The complaint data used only enumerates complaints that fall into the "Use Of Force" or "Illegal Search" categories, as these are the two types of complaints that would be seen as most malicious.

In [4]:
complaint_dict = helpers.prepare_complaint_json()
officer_dict = helpers.prepare_officer_json()
population_dict = helpers.prepare_population_json()

Now, we spend the next few cells grouping districts into regional buckets. These 'buckets' were hand-picked by observing a map of Chicago, and each region represents 5-6 districts. We perform this grouping operation for each of the statistics obtained above.

In [5]:
north, central, west, south = helpers.district_buckets()

In [6]:
print(north)

['16th', '17th', '24th', '20th', '19th']


### Complaints

In [7]:
north_complaints = helpers.merge_dicts(north, complaint_dict)
central_complaints = helpers.merge_dicts(central, complaint_dict)
west_complaints = helpers.merge_dicts(west, complaint_dict)
south_complaints = helpers.merge_dicts(south, complaint_dict)

In [8]:
print("The complaints for the northern region per year are as follows:\n")
print(north_complaints)

The complaints for the northern region per year are as follows:

Counter({'2007': 14534, '2008': 14418, '2009': 14393, '2001': 13620, '2010': 12603, '2002': 12376, '2011': 12282, '2003': 11277, '2012': 10983, '2013': 10829, '2006': 10268, '2005': 9861, '2004': 9638, '2014': 7962, '2015': 7703, '2016': 7331, '2017': 6491, '2018': 3005})


### Police Officers

In [9]:
north_cops = helpers.merge_dicts(north, officer_dict)
central_cops = helpers.merge_dicts(central, officer_dict)
west_cops = helpers.merge_dicts(west, officer_dict)
south_cops = helpers.merge_dicts(south, officer_dict)

In [10]:
print(f'Number of officers active in the northern region: {north_cops}\n')

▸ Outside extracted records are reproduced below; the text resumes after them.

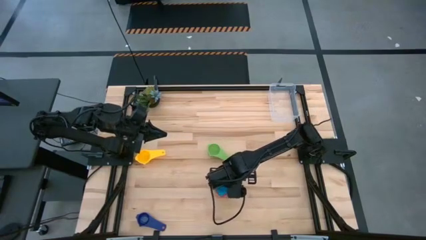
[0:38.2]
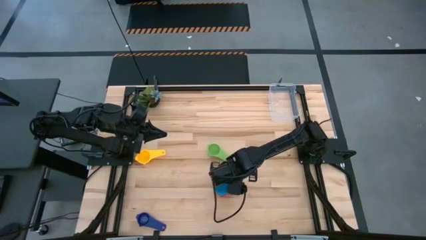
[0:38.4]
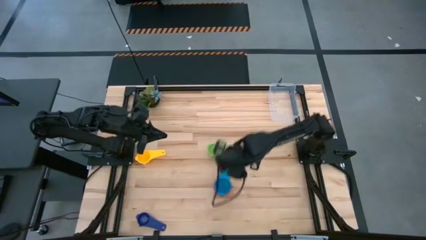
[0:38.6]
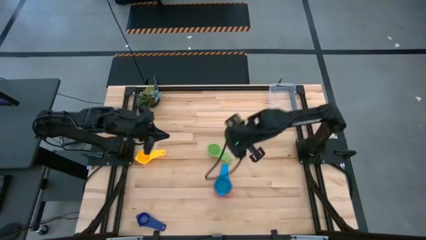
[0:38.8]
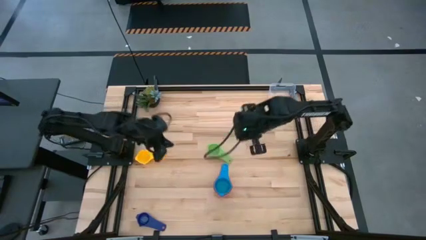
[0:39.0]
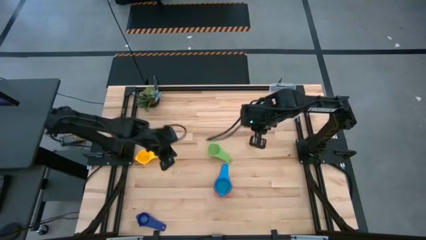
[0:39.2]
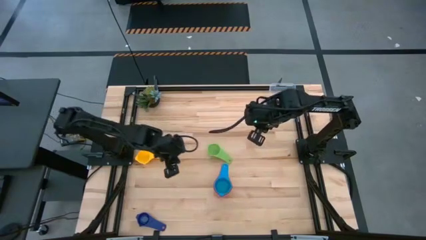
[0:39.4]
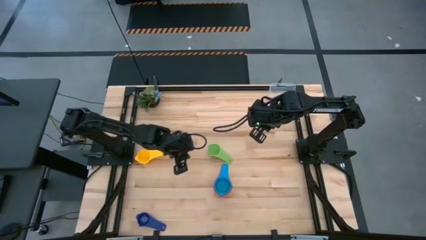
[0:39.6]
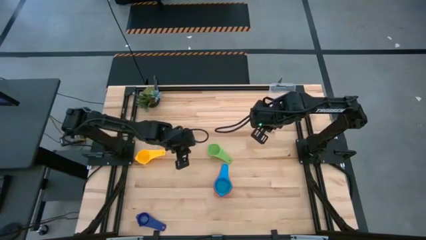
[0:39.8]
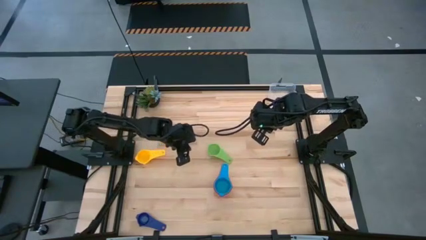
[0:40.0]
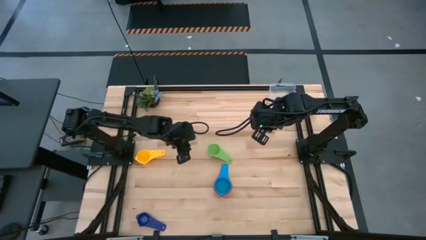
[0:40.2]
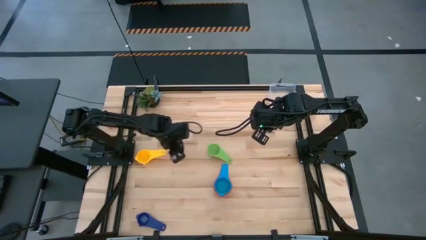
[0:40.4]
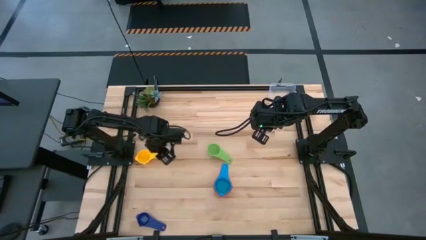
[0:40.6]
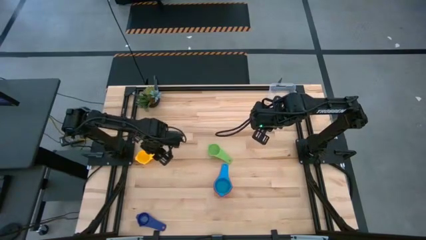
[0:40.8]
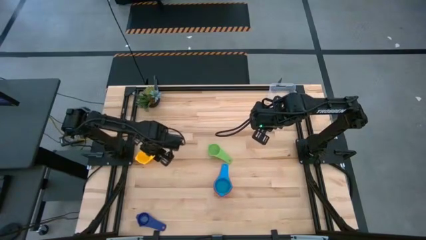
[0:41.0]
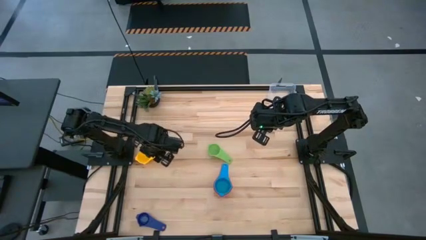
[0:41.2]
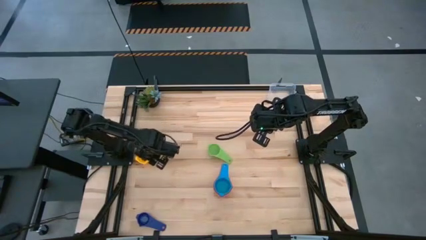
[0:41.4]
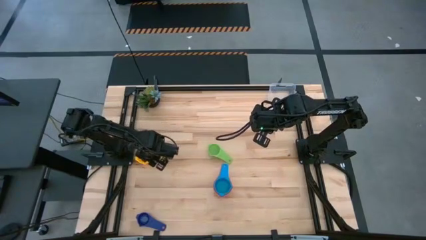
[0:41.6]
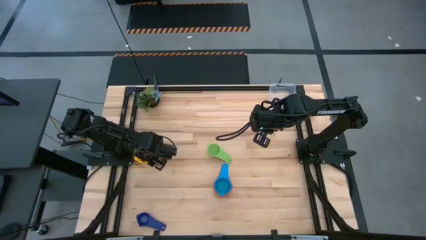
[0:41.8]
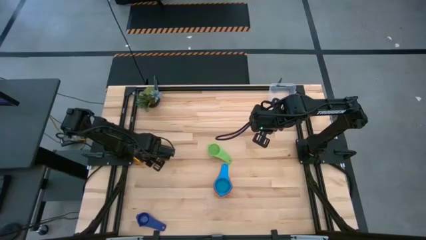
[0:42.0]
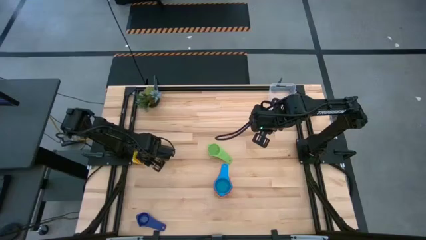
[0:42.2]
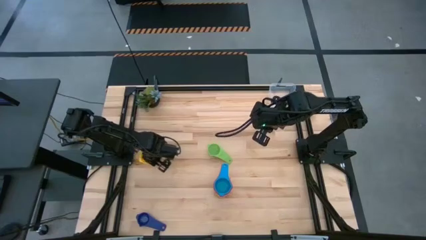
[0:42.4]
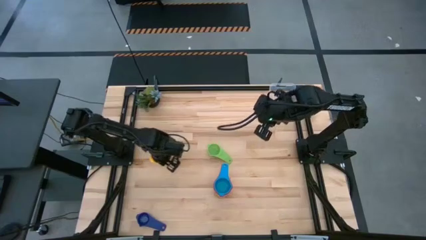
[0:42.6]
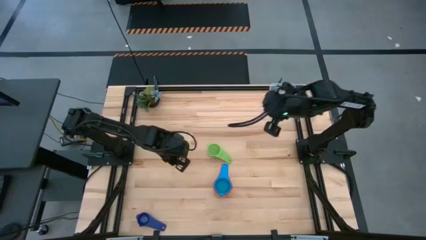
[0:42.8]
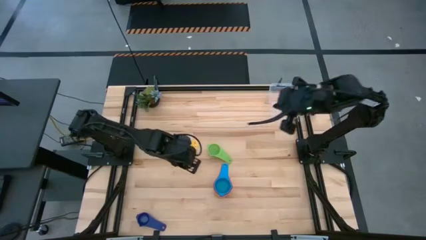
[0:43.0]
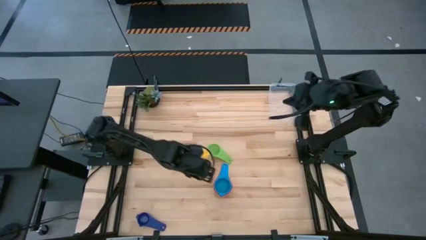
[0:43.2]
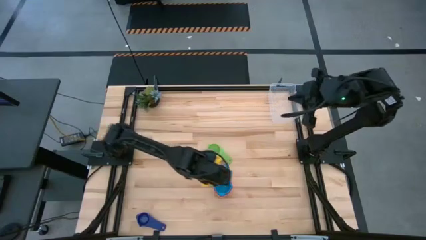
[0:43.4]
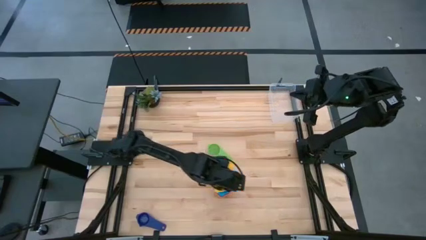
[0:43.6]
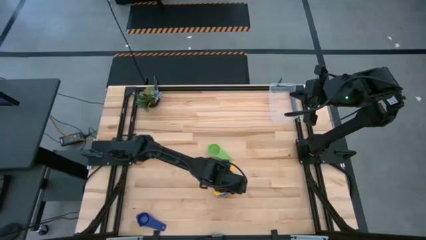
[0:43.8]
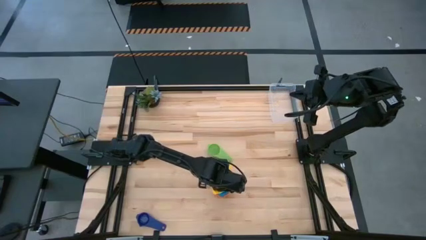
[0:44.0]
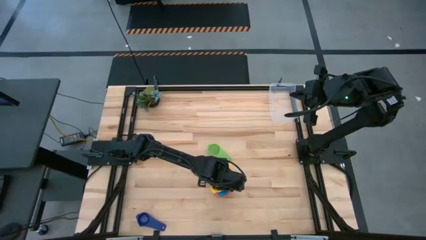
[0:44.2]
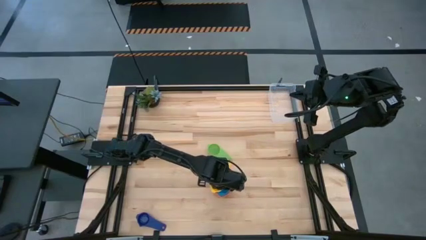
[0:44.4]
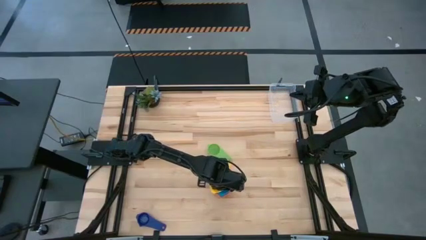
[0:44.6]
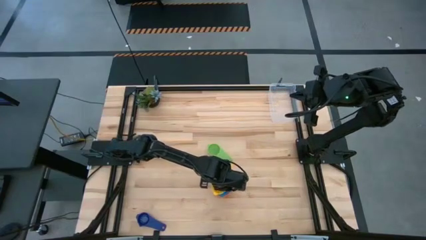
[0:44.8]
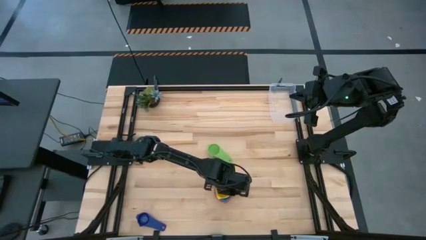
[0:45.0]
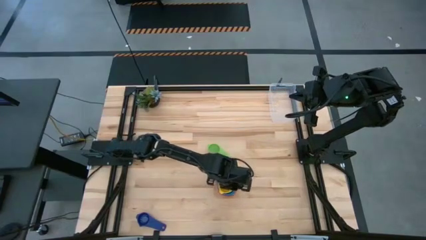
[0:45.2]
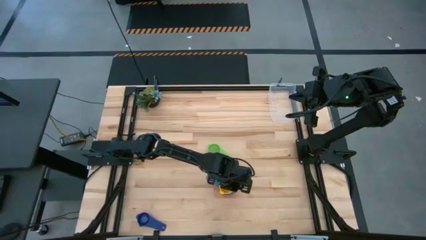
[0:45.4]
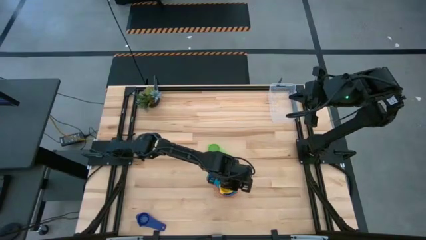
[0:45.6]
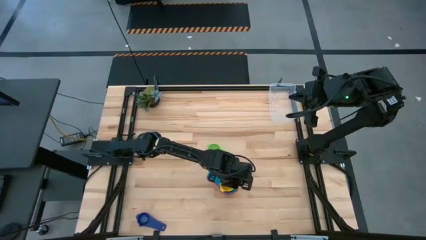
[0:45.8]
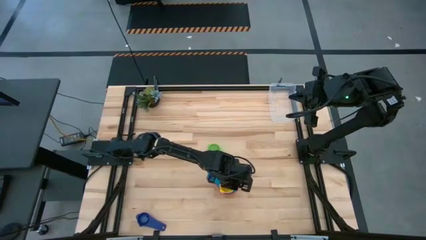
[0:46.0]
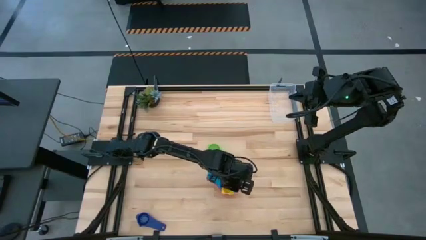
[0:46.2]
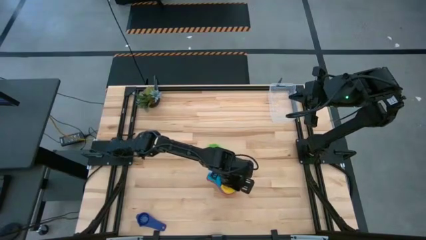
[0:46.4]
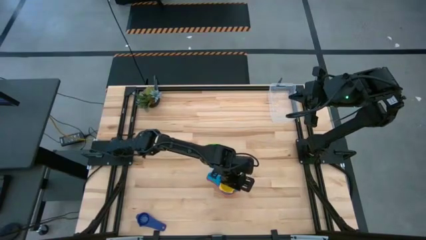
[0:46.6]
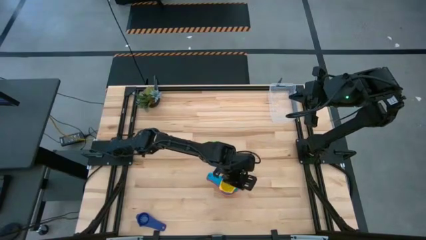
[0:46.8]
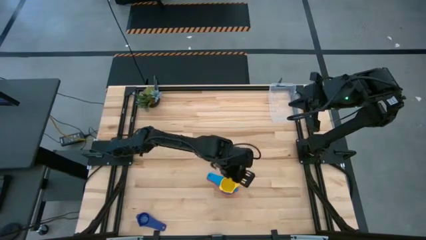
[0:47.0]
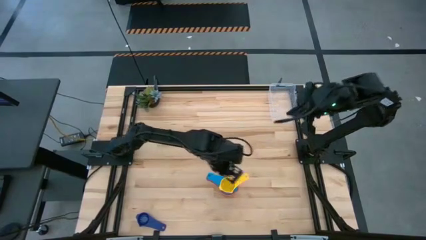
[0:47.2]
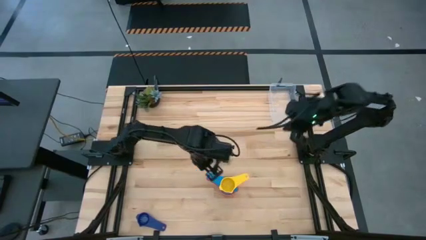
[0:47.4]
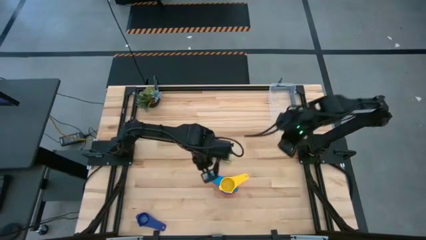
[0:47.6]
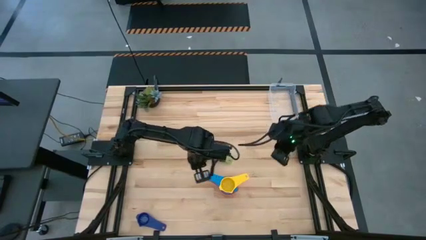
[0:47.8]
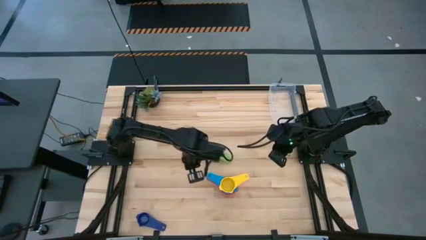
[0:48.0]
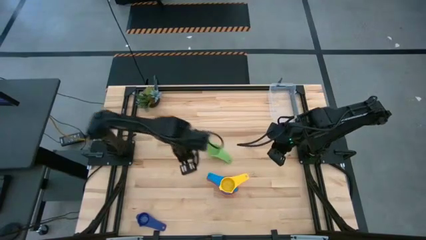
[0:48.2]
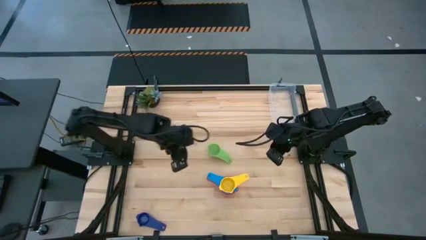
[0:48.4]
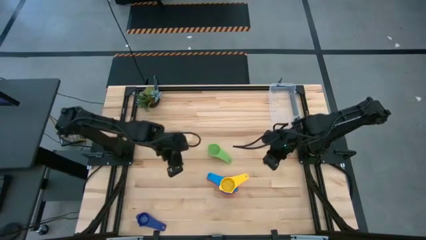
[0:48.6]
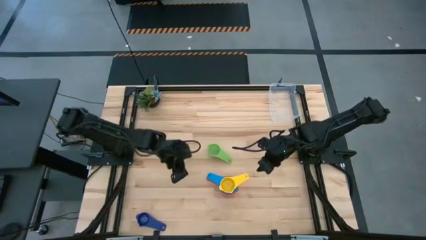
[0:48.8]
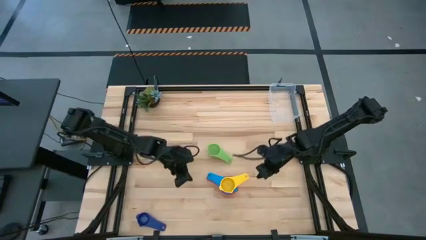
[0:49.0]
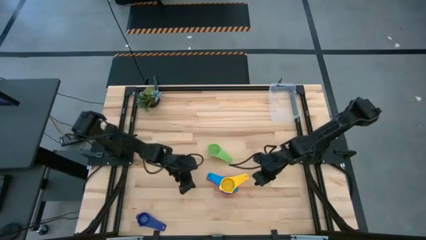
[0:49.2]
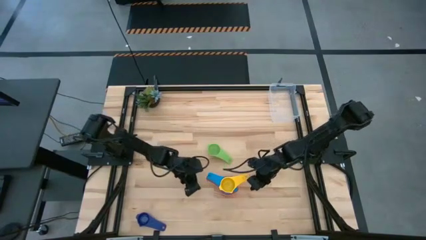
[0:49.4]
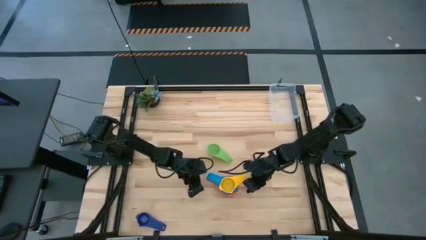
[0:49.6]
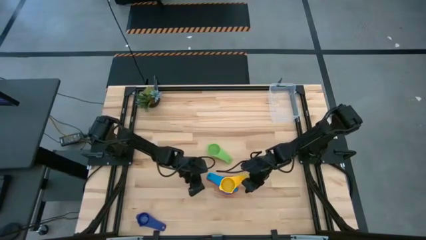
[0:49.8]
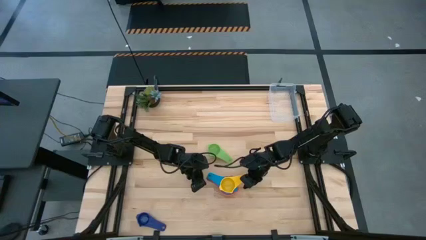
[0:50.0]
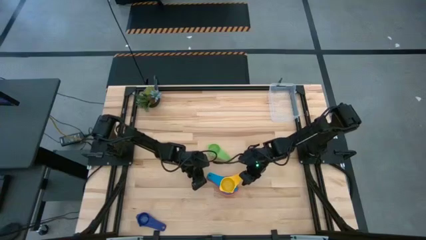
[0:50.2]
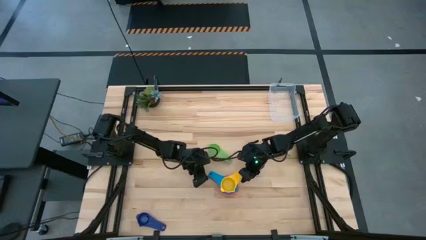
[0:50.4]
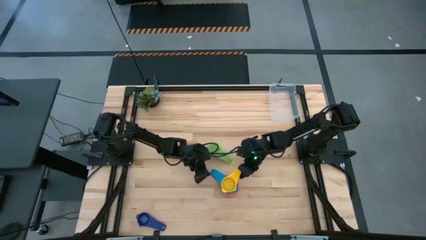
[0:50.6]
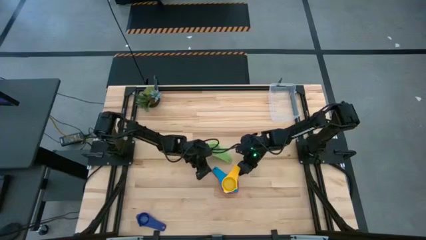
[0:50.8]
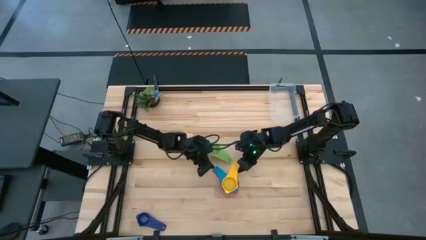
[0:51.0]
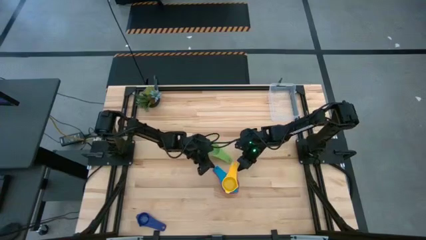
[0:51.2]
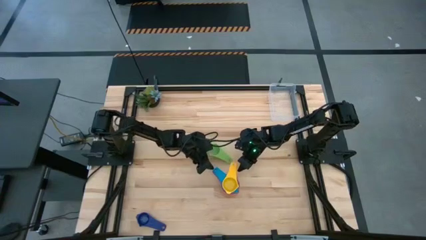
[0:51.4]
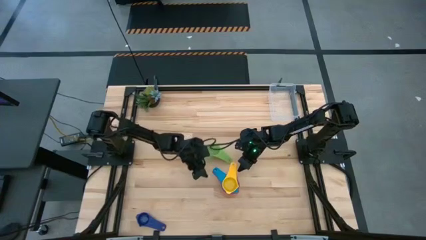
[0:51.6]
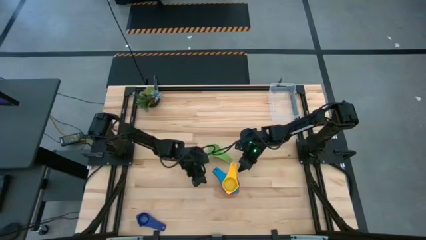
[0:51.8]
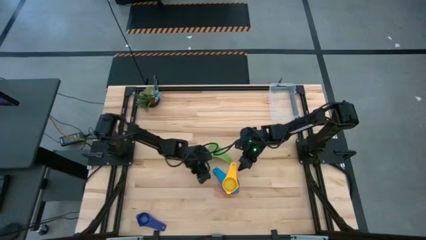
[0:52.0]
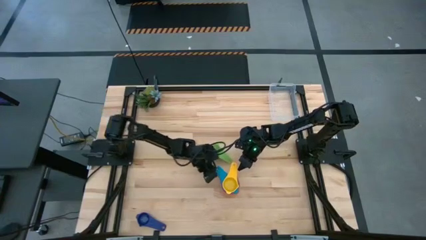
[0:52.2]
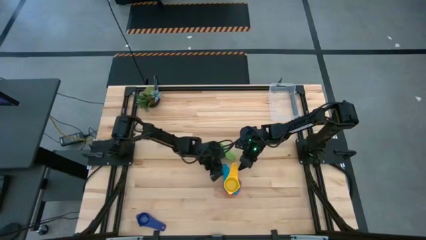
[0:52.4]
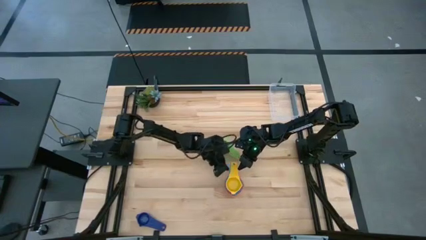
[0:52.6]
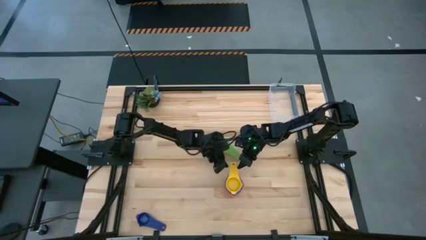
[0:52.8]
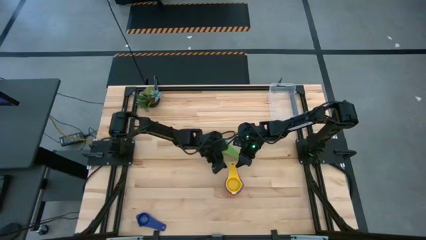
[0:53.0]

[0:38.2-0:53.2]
Task: Nest measuring cups in basket
Stack the yellow measuring cup on top of the light blue measuring cup

Number of officers active in the northern region: Counter({'2001': 897, '2002': 852, '2003': 802, '2007': 712, '2008': 697, '2006': 609, '2004': 605, '2005': 567, '2009': 553, '2010': 486, '2011': 464, '2012': 374, '2013': 364, '2015': 362, '2014': 358, '2016': 242, '2017': 221, '2018': 56})



### Population

In [11]:
north_pop = helpers.merge_values(north, population_dict)
central_pop = helpers.merge_values(central, population_dict)
west_pop = helpers.merge_values(west, population_dict)
south_pop = helpers.merge_values(south, population_dict)

In [12]:
print(f'Number of civilians in the northern region: {north_pop}')

Number of civilians in the northern region: 776681


## Linear Regression

Now that we've grouped our data, we can begin building a regression model for each of the regions. We can compare the obtained model for each region by looking at it's coefficients and intercept.

### North

In [14]:
X, y = helpers.format_data(north_complaints, north_cops, north_pop)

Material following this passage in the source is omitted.